_TASK REQUIREMENTS_
An exact copy is needed of each line from the one including "This was 2.2 seconds after image 1." through the last line of the entries, both ends counted, with nothing added.

_MATERIAL FOR THIS EXERCISE_
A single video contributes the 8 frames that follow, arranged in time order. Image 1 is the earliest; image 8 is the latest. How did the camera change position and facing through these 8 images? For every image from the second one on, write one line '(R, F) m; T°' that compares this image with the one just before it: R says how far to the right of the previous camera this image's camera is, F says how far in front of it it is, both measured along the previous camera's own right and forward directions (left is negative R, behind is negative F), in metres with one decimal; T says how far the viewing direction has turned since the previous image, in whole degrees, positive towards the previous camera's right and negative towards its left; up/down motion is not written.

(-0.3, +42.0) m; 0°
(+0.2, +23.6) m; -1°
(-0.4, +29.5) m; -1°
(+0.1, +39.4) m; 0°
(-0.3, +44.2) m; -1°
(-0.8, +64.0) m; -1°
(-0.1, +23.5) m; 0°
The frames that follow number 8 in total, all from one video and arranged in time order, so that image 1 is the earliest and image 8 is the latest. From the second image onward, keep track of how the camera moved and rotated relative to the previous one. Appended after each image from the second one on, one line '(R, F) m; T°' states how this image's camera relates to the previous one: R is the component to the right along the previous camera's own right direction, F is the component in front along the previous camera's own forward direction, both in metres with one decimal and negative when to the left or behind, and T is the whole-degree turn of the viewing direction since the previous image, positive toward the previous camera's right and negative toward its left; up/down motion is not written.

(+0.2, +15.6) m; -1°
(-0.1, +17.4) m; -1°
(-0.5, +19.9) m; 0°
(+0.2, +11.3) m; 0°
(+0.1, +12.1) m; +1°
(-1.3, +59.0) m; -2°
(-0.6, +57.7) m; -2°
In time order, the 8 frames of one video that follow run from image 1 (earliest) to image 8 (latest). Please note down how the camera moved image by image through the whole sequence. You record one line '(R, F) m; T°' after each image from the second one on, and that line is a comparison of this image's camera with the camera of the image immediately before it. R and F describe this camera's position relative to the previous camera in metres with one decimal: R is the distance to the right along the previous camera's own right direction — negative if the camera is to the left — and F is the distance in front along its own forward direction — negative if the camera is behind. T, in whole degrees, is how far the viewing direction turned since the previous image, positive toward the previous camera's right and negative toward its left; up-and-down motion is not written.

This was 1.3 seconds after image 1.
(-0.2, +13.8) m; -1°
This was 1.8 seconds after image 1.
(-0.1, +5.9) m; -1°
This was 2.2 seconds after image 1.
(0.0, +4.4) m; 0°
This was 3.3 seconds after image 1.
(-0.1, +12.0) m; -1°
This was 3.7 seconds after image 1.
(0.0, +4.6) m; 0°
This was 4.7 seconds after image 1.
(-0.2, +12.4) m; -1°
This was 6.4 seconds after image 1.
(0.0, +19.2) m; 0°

_SOLUTION TO THE EXERCISE_
This was 2.2 seconds after image 1.
(0.0, +4.4) m; 0°
This was 3.3 seconds after image 1.
(-0.1, +12.0) m; -1°
This was 3.7 seconds after image 1.
(0.0, +4.6) m; 0°
This was 4.7 seconds after image 1.
(-0.2, +12.4) m; -1°
This was 6.4 seconds after image 1.
(0.0, +19.2) m; 0°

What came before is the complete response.